When to Use This Skill
Use this skill when:
- User explicitly asks to improve, enhance, or optimize a prompt
- User sends an unclear, verbose, or poorly structured prompt
- User mentions they want better results from AI interactions
- User asks for help writing prompts for agents or automation
- User's request lacks clarity or proper structure
- User wants to reduce LLM output tokens or API costs
- User needs to optimize JSON schema for token efficiency
- User requests compact output format while maintaining compatibility
Core Principles
- Conciseness: Remove unnecessary words while preserving intent
- Structure: Use clear formatting with multiple lines and logical sections
- XML Integration: Mix natural text with XML tags for clarity and parsing
- Direct Mission: Main task/quest/mission should NOT be wrapped in XML elements
- Clean Output: Return ONLY the enhanced prompt - no meta-commentary
Enhancement Process
Input Analysis
- Identify the core objective
- Extract key requirements and constraints
- Detect ambiguities or missing information
- Recognize the intended agent or use case
Task-Based Technique Selection (Optional)

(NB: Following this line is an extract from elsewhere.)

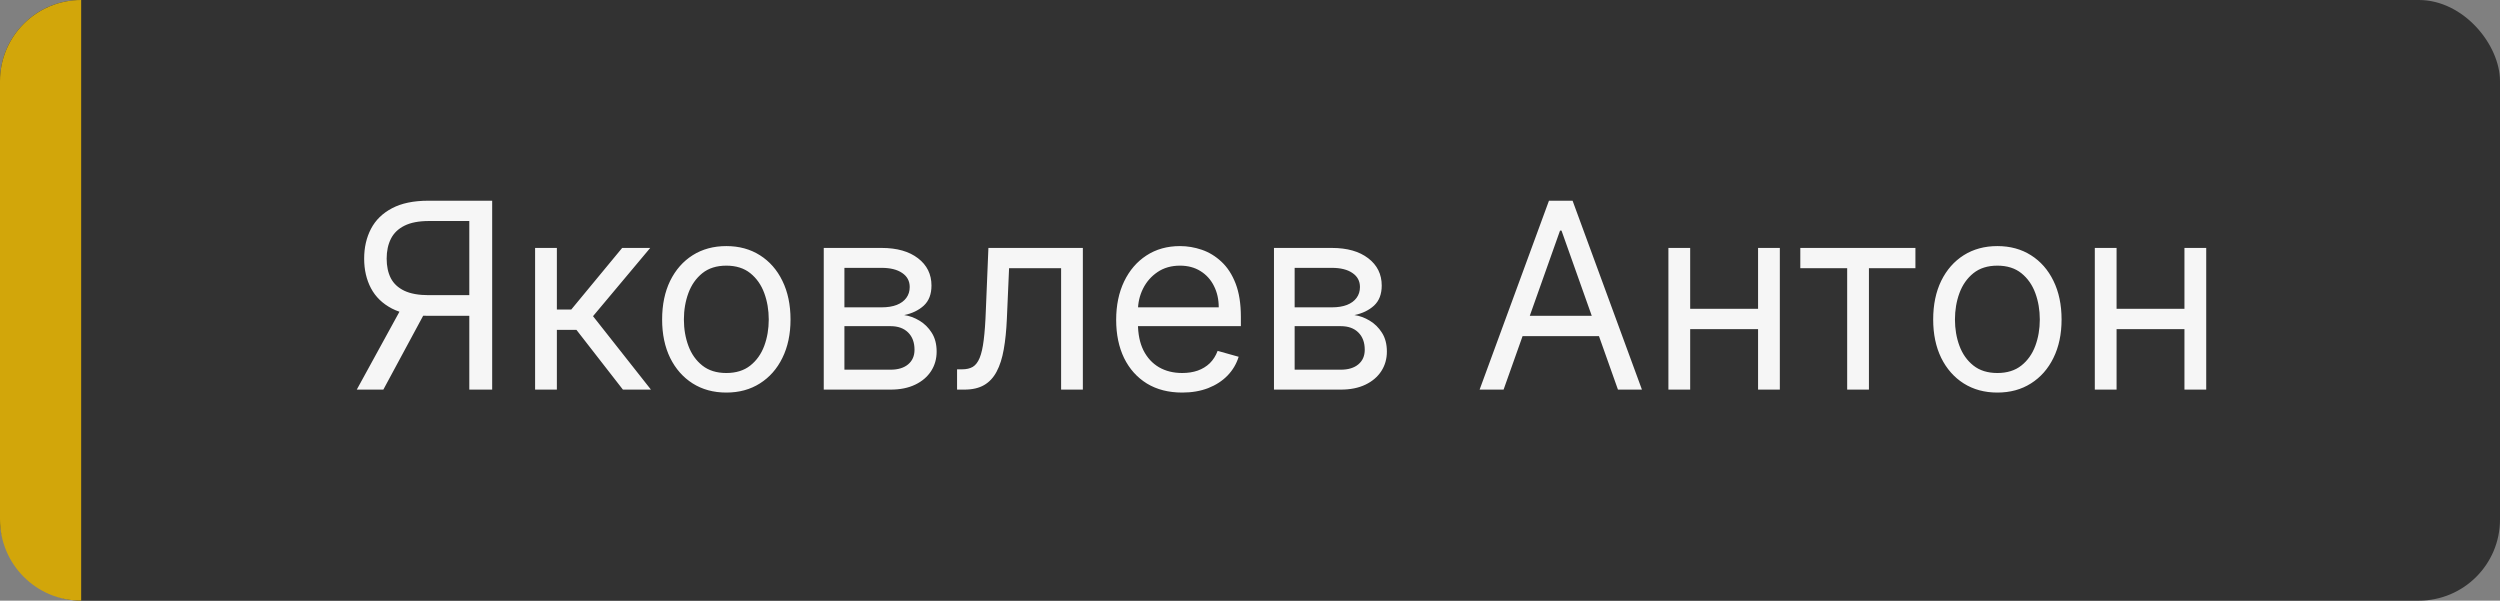 <?xml version="1.0" encoding="UTF-8"?> <svg xmlns="http://www.w3.org/2000/svg" width="154" height="37" viewBox="0 0 154 37" fill="none"><rect x="0" y="0" width="154" height="37" fill="#808080" stroke="none"/> <rect width="154" height="37" rx="5" fill="#323232"></rect> <path d="M30.318 24H28.909V13.614H26.432C25.803 13.614 25.297 13.71 24.915 13.903C24.532 14.093 24.254 14.362 24.079 14.71C23.905 15.059 23.818 15.466 23.818 15.932C23.818 16.398 23.903 16.799 24.074 17.136C24.248 17.47 24.525 17.727 24.903 17.909C25.286 18.091 25.788 18.182 26.409 18.182H29.546V19.454H26.364C25.462 19.454 24.722 19.305 24.142 19.006C23.562 18.703 23.133 18.286 22.852 17.756C22.572 17.225 22.432 16.617 22.432 15.932C22.432 15.246 22.572 14.634 22.852 14.097C23.133 13.559 23.564 13.136 24.148 12.829C24.731 12.519 25.477 12.364 26.386 12.364H30.318V24ZM24.841 18.773H26.432L23.614 24H21.977L24.841 18.773ZM32.962 24V15.273H34.303V19.068H35.189L38.325 15.273H40.053L36.53 19.477L40.098 24H38.371L35.507 20.318H34.303V24H32.962ZM44.742 24.182C43.954 24.182 43.262 23.994 42.668 23.619C42.077 23.244 41.615 22.72 41.281 22.046C40.952 21.371 40.787 20.583 40.787 19.682C40.787 18.773 40.952 17.979 41.281 17.301C41.615 16.623 42.077 16.097 42.668 15.722C43.262 15.347 43.954 15.159 44.742 15.159C45.529 15.159 46.219 15.347 46.81 15.722C47.404 16.097 47.867 16.623 48.196 17.301C48.529 17.979 48.696 18.773 48.696 19.682C48.696 20.583 48.529 21.371 48.196 22.046C47.867 22.72 47.404 23.244 46.81 23.619C46.219 23.994 45.529 24.182 44.742 24.182ZM44.742 22.977C45.34 22.977 45.832 22.824 46.219 22.517C46.605 22.21 46.891 21.807 47.077 21.307C47.262 20.807 47.355 20.265 47.355 19.682C47.355 19.099 47.262 18.555 47.077 18.051C46.891 17.547 46.605 17.14 46.219 16.829C45.832 16.519 45.34 16.364 44.742 16.364C44.143 16.364 43.651 16.519 43.264 16.829C42.878 17.14 42.592 17.547 42.406 18.051C42.221 18.555 42.128 19.099 42.128 19.682C42.128 20.265 42.221 20.807 42.406 21.307C42.592 21.807 42.878 22.21 43.264 22.517C43.651 22.824 44.143 22.977 44.742 22.977ZM50.743 24V15.273H54.311C55.251 15.273 55.997 15.485 56.55 15.909C57.103 16.333 57.379 16.894 57.379 17.591C57.379 18.121 57.222 18.532 56.908 18.824C56.593 19.112 56.19 19.307 55.697 19.409C56.019 19.454 56.332 19.568 56.635 19.75C56.942 19.932 57.196 20.182 57.396 20.5C57.597 20.814 57.697 21.201 57.697 21.659C57.697 22.106 57.584 22.506 57.356 22.858C57.129 23.21 56.803 23.489 56.379 23.693C55.955 23.898 55.447 24 54.856 24H50.743ZM52.016 22.773H54.856C55.319 22.773 55.68 22.663 55.942 22.443C56.203 22.224 56.334 21.924 56.334 21.546C56.334 21.095 56.203 20.741 55.942 20.483C55.68 20.222 55.319 20.091 54.856 20.091H52.016V22.773ZM52.016 18.932H54.311C54.671 18.932 54.98 18.883 55.237 18.784C55.495 18.682 55.692 18.538 55.828 18.352C55.968 18.163 56.038 17.939 56.038 17.682C56.038 17.314 55.885 17.026 55.578 16.818C55.271 16.606 54.849 16.5 54.311 16.5H52.016V18.932ZM58.955 24V22.75H59.273C59.534 22.75 59.752 22.699 59.926 22.597C60.1 22.491 60.24 22.307 60.347 22.046C60.456 21.78 60.54 21.413 60.597 20.943C60.657 20.47 60.701 19.867 60.727 19.136L60.886 15.273H66.704V24H65.364V16.523H62.159L62.023 19.636C61.992 20.352 61.928 20.983 61.83 21.528C61.735 22.07 61.589 22.525 61.392 22.892C61.199 23.259 60.941 23.536 60.619 23.722C60.297 23.907 59.894 24 59.409 24H58.955ZM72.824 24.182C71.983 24.182 71.258 23.996 70.648 23.625C70.042 23.25 69.574 22.727 69.244 22.057C68.919 21.383 68.756 20.599 68.756 19.704C68.756 18.811 68.919 18.023 69.244 17.341C69.574 16.655 70.032 16.121 70.619 15.739C71.21 15.352 71.9 15.159 72.688 15.159C73.142 15.159 73.591 15.235 74.034 15.386C74.477 15.538 74.881 15.784 75.244 16.125C75.608 16.462 75.898 16.909 76.114 17.466C76.329 18.023 76.438 18.708 76.438 19.523V20.091H69.71V18.932H75.074C75.074 18.439 74.975 18 74.778 17.614C74.585 17.227 74.309 16.922 73.949 16.699C73.593 16.475 73.172 16.364 72.688 16.364C72.153 16.364 71.691 16.496 71.301 16.761C70.915 17.023 70.617 17.364 70.409 17.784C70.201 18.204 70.097 18.655 70.097 19.136V19.909C70.097 20.568 70.21 21.127 70.438 21.585C70.669 22.04 70.989 22.386 71.398 22.625C71.807 22.86 72.282 22.977 72.824 22.977C73.176 22.977 73.494 22.928 73.778 22.829C74.066 22.727 74.314 22.576 74.523 22.375C74.731 22.171 74.892 21.917 75.006 21.614L76.301 21.977C76.165 22.417 75.936 22.803 75.614 23.136C75.292 23.466 74.894 23.724 74.421 23.909C73.947 24.091 73.415 24.182 72.824 24.182ZM78.477 24V15.273H82.046C82.985 15.273 83.731 15.485 84.284 15.909C84.837 16.333 85.114 16.894 85.114 17.591C85.114 18.121 84.956 18.532 84.642 18.824C84.328 19.112 83.924 19.307 83.432 19.409C83.754 19.454 84.066 19.568 84.369 19.75C84.676 19.932 84.93 20.182 85.131 20.5C85.331 20.814 85.432 21.201 85.432 21.659C85.432 22.106 85.318 22.506 85.091 22.858C84.864 23.21 84.538 23.489 84.114 23.693C83.689 23.898 83.182 24 82.591 24H78.477ZM79.75 22.773H82.591C83.053 22.773 83.415 22.663 83.676 22.443C83.938 22.224 84.068 21.924 84.068 21.546C84.068 21.095 83.938 20.741 83.676 20.483C83.415 20.222 83.053 20.091 82.591 20.091H79.75V22.773ZM79.75 18.932H82.046C82.405 18.932 82.714 18.883 82.972 18.784C83.229 18.682 83.426 18.538 83.562 18.352C83.703 18.163 83.773 17.939 83.773 17.682C83.773 17.314 83.619 17.026 83.312 16.818C83.006 16.606 82.583 16.5 82.046 16.5H79.75V18.932ZM92.621 24H91.144L95.416 12.364H96.871L101.143 24H99.666L96.189 14.204H96.098L92.621 24ZM93.166 19.454H99.121V20.704H93.166V19.454ZM108.615 19.023V20.273H103.797V19.023H108.615ZM104.115 15.273V24H102.774V15.273H104.115ZM109.638 15.273V24H108.297V15.273H109.638ZM110.899 16.523V15.273H117.99V16.523H115.126V24H113.786V16.523H110.899ZM123.038 24.182C122.25 24.182 121.559 23.994 120.964 23.619C120.374 23.244 119.911 22.72 119.578 22.046C119.249 21.371 119.084 20.583 119.084 19.682C119.084 18.773 119.249 17.979 119.578 17.301C119.911 16.623 120.374 16.097 120.964 15.722C121.559 15.347 122.25 15.159 123.038 15.159C123.826 15.159 124.516 15.347 125.107 15.722C125.701 16.097 126.163 16.623 126.493 17.301C126.826 17.979 126.993 18.773 126.993 19.682C126.993 20.583 126.826 21.371 126.493 22.046C126.163 22.72 125.701 23.244 125.107 23.619C124.516 23.994 123.826 24.182 123.038 24.182ZM123.038 22.977C123.637 22.977 124.129 22.824 124.516 22.517C124.902 22.21 125.188 21.807 125.374 21.307C125.559 20.807 125.652 20.265 125.652 19.682C125.652 19.099 125.559 18.555 125.374 18.051C125.188 17.547 124.902 17.14 124.516 16.829C124.129 16.519 123.637 16.364 123.038 16.364C122.44 16.364 121.947 16.519 121.561 16.829C121.175 17.14 120.889 17.547 120.703 18.051C120.518 18.555 120.425 19.099 120.425 19.682C120.425 20.265 120.518 20.807 120.703 21.307C120.889 21.807 121.175 22.21 121.561 22.517C121.947 22.824 122.44 22.977 123.038 22.977ZM134.881 19.023V20.273H130.062V19.023H134.881ZM130.381 15.273V24H129.04V15.273H130.381ZM135.903 15.273V24H134.562V15.273H135.903Z" fill="#F6F6F6"></path> <path fill-rule="evenodd" clip-rule="evenodd" d="M5 0C2.239 0 0 2.239 0 5V32C0 34.761 2.239 37 5 37L5 0Z" fill="#D2A60A"></path> </svg>

Evaluate if the task would benefit from specific prompting techniques:
Chain-of-Thought (CoT)
- Use for: Complex reasoning, math problems, logical deduction, step-by-step analysis
- Implementation: Add instruction to "think step by step" or "show your reasoning"
Chain-of-Draft
- Use for: Writing tasks, content creation, iterative refinement
- Implementation: Request initial draft, then progressive improvements
Few-Shot Learning
- Use for: Pattern-based tasks, specific formatting, consistent outputs
- Implementation: Include 2-3 examples showing input-output pairs
ReAct (Reasoning + Acting)
- Use for: Tool use, multi-step tasks, decision-making processes
- Implementation: Combine reasoning traces with action steps
Self-Consistency
- Use for: Tasks needing verification, multiple valid approaches
- Implementation: Request multiple solutions, then synthesis
Tree-of-Thoughts
- Use for: Complex problem-solving, exploring alternatives
- Implementation: Ask to explore multiple paths before selecting best
Role-Based Prompting
- Use for: Domain-specific expertise, perspective-taking
- Implementation: Assign expert role (e.g., "Act as a senior engineer...")
Least-to-Most Prompting
- Use for: Breaking down complex problems into subproblems
- Implementation: Start with simpler versions, build up complexity
Apply technique only if it materially improves the task outcome.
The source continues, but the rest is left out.